Problem description: Among the entries below, how many lines contain the string "Amtsraad"? Reply with that number alone.

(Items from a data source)
● ● ● ● ●

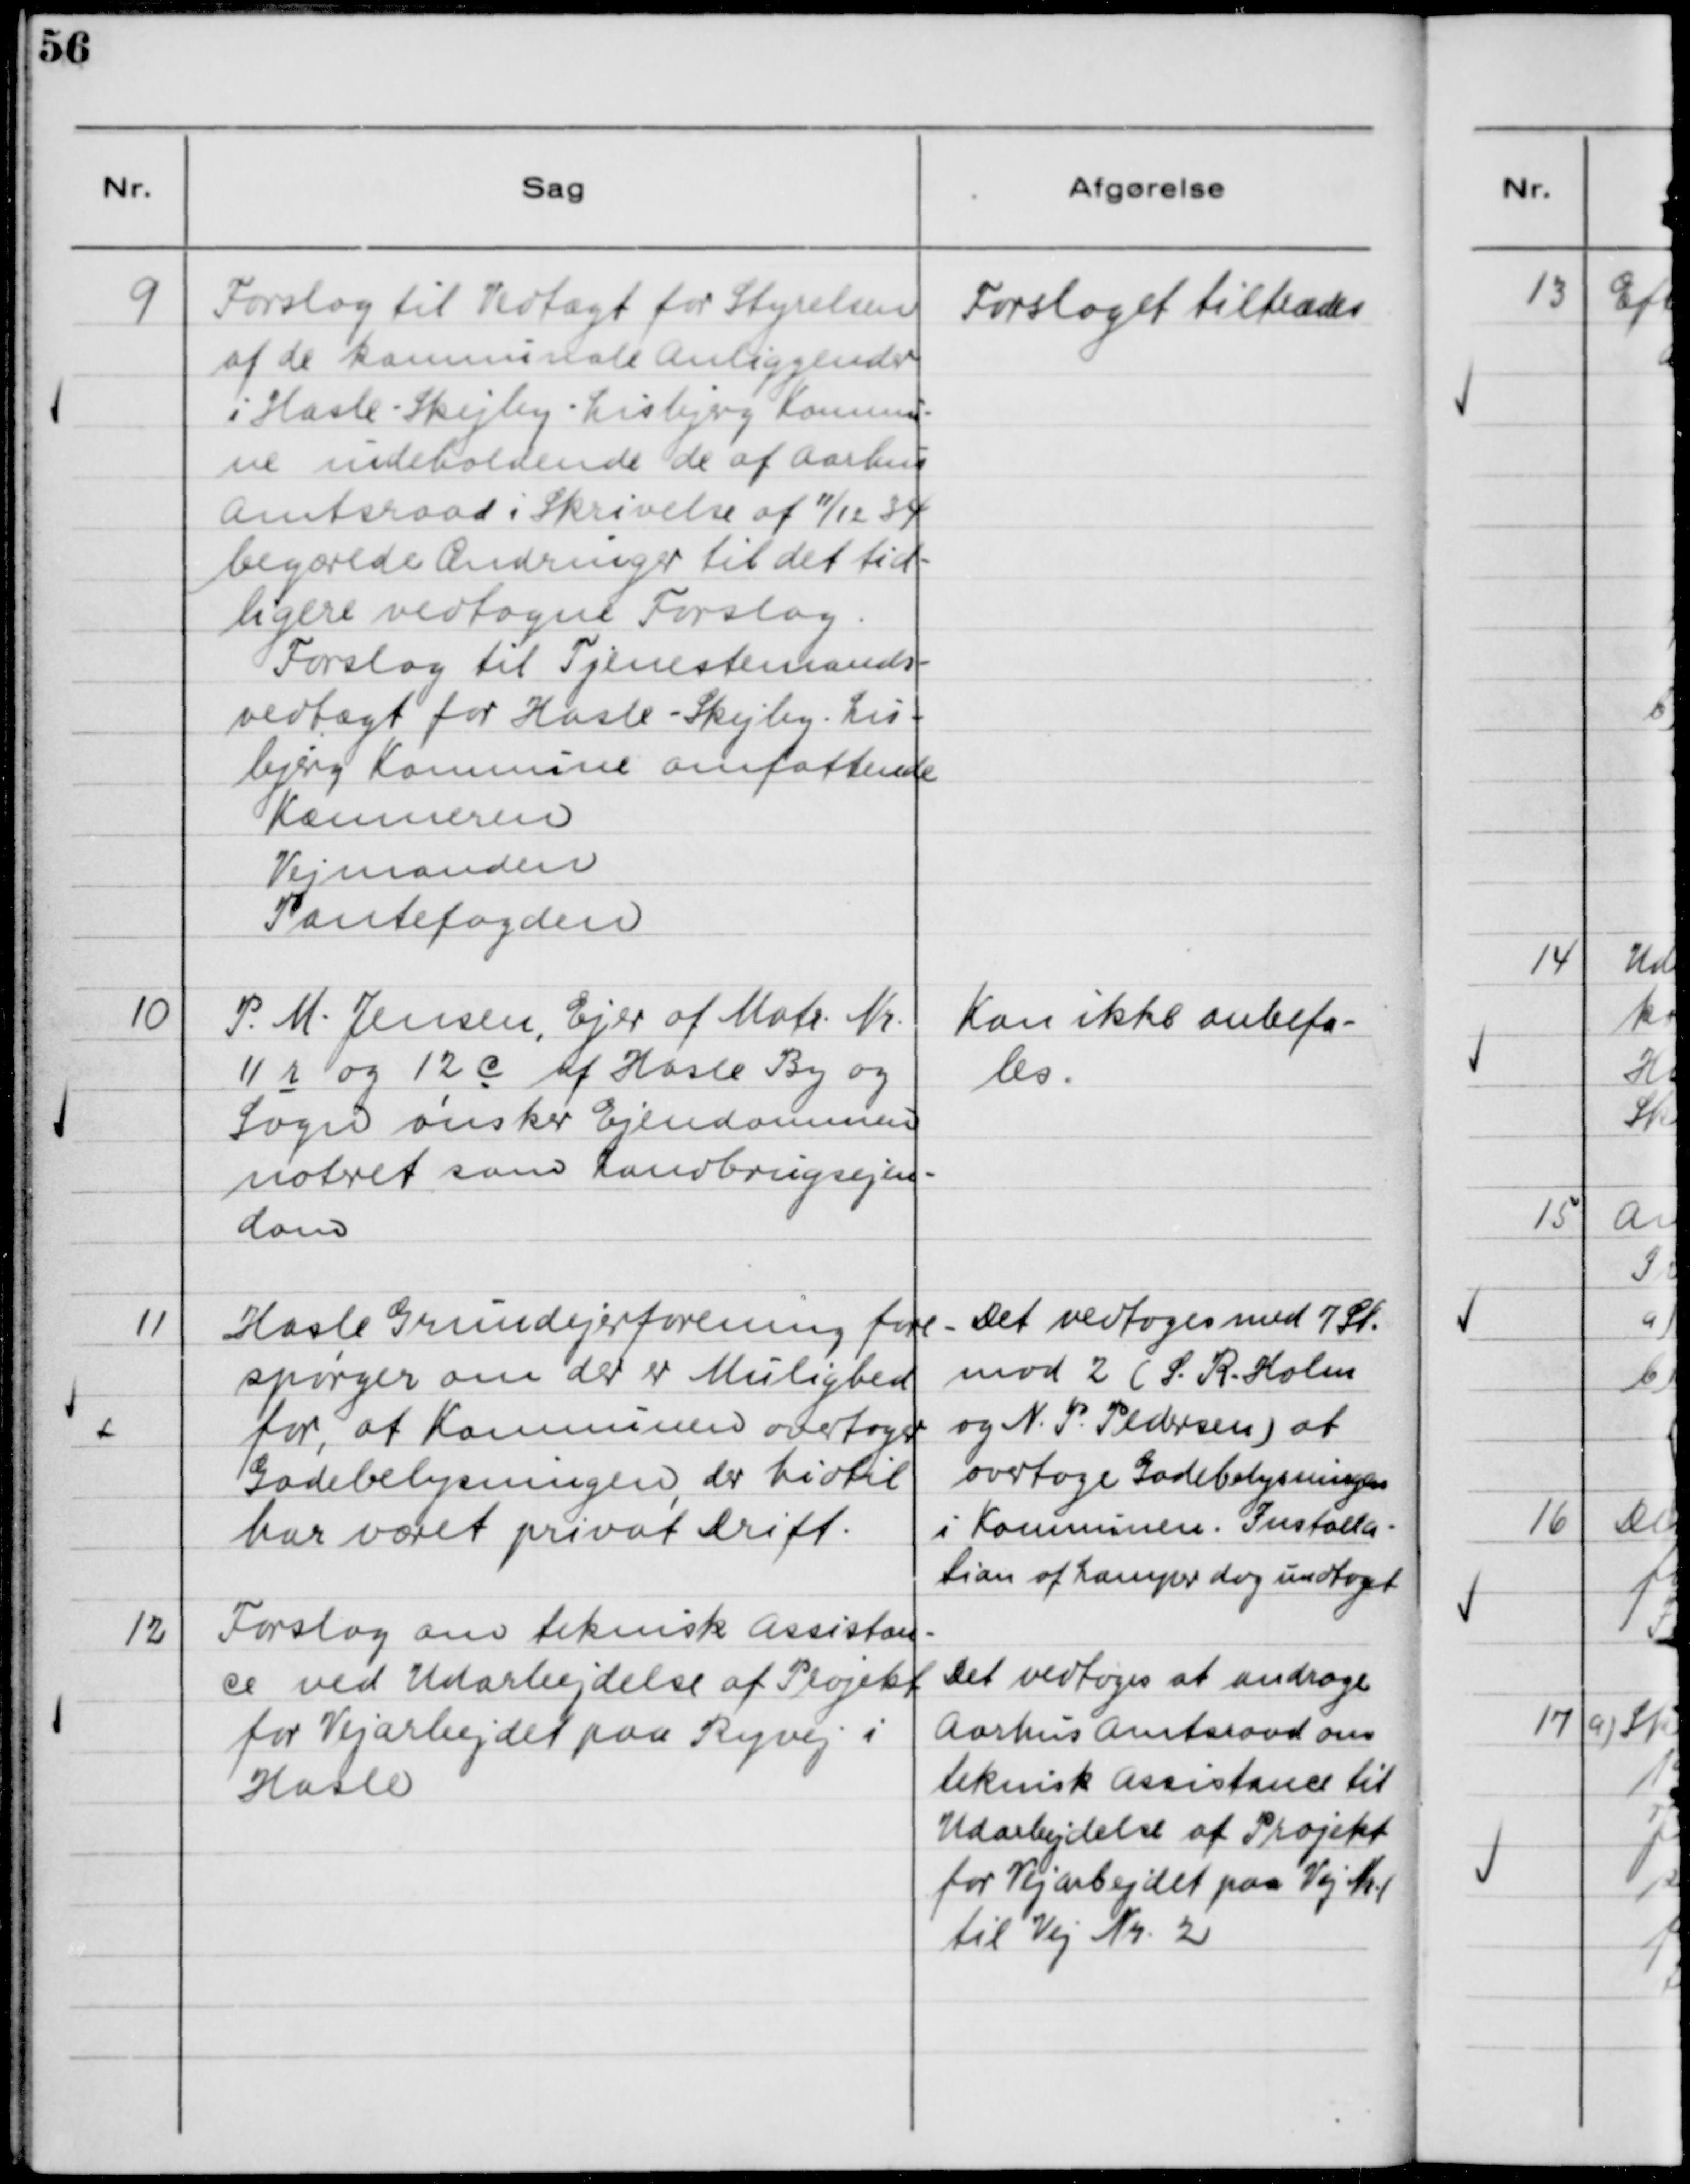
Transskription:
9

Forslag til Vedtægt for Styrelsen
af de kommunale Anliggender
i Hasle - Skejby - Lisbjerg Kommu-
ne indeholdende de af Aarhus
Amtsraad i Skrivelse af 11/12 34
begærede Ændringer til det tid-
ligere vedtagne Forslag.
Forslag til Tjenestemands-
vedtægt for Hasle - Skejby - Lis-
bjerg Kommune omfattende
Kæmneren
Vejmanden
Pantefogden

Forslaget tiltrædes

10

P. M. Jensen, Ejer af Matr. Nr.
11 r og 12 C af Hasle By og
Sogn ønsker Ejendommen
noteret som Landbrugsejen-
dom

Kan ikke anbefa-
les

11

Hasle Grundejerforening fore-
spørger om der er Mulighed
for, at Kommunen overtager
Gadebelysningen, der hidtil
har været privat Drift.

Det vedtages med 7 St.
mod 2 (S. R. Holm og
N. P. Pedersen) at
overtage Gadebelysningen
i Kommunen. Installa-
tion af Lamper dog undtaget.

12

Forslag om teknisk Assistan-
ce ved Udarbejdelse af Projekt
for Vejarbejdet paa Ryvej i
Hasle.

Det vedtoges at andrage
Aarhus Amtsraad om
teknisk Assistance til
Udarbejdelse af Projekt
for Vejarbejdet paa Vej Nr. 1
til Vej Nr. 2

● ● ● ● ●

Response to the exercise: 2